You can check for spark without an assistant. Pull the starter relay and run a fused (does not have to be fused, just a good idea.) piece of wire from terminal 87 and 30 and your starter will run.

Then you can watch for spark and run the starter at the same time, just make sure key is on/run position.
 
yea my TJ needed an ASD and CPS at the same time- it was cheaper to get a reman dist. with a new OEM quality Cam Sensor than the CPS by itself 70 and 65 go figure.
 
Hey everybody - finally had some time to wrench on the Jeep! Replaced plugs, no start still. Pulled a wire, checked for spark, no dice. Pulled wire off coil, checked for spark, nada. Scanned the computer, got codes P0122 and P1694. Figured I would clear the codes and try again. Then, code P0320 came up sporadically.
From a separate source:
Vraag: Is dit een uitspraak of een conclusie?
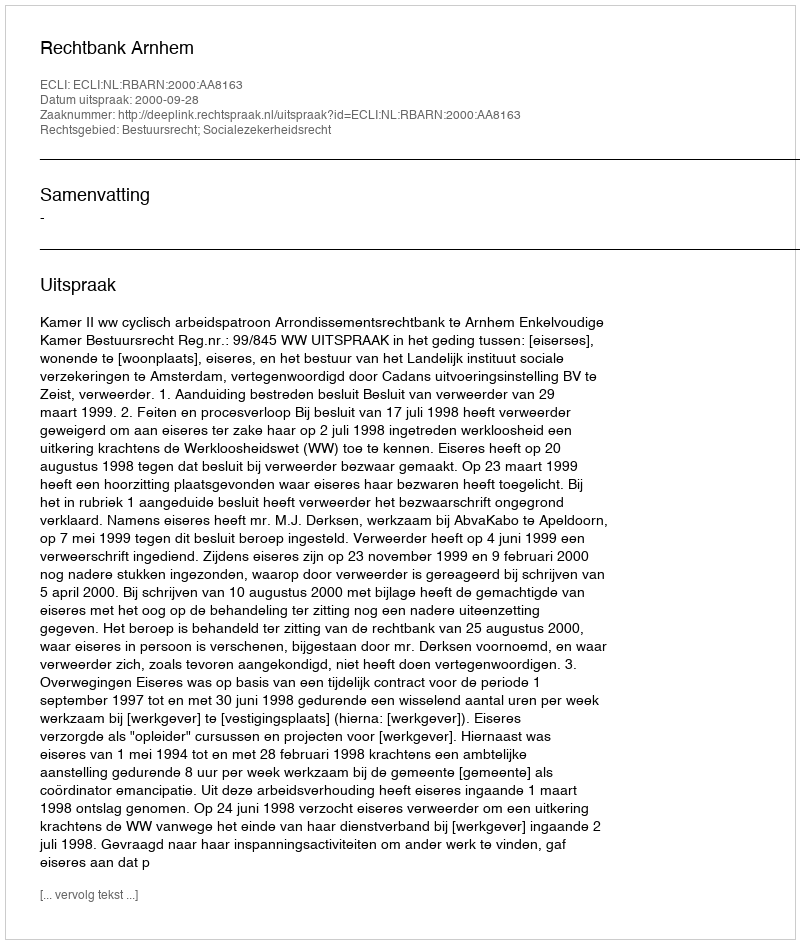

Your thoughts guys?
 
Sounds like it is the CPS.

p0320 = Ignition/Distributor Engine Speed Input Circuit

You could check the wiring from the computer to the CPS.
 
Testing for the crank sensor is often not conclusive. I've seen em test good and be bad.

If you buy, buy directly from Jeep. The extra $20 you spend on an OEM unit is so well worth the money. There are many people that have had problems with aftermarket crank sensors.

I have had a brand new CPS test good, and be bad!!! The internal electrical connection was loose enough to work, test good, then loose contact and die, then test good again.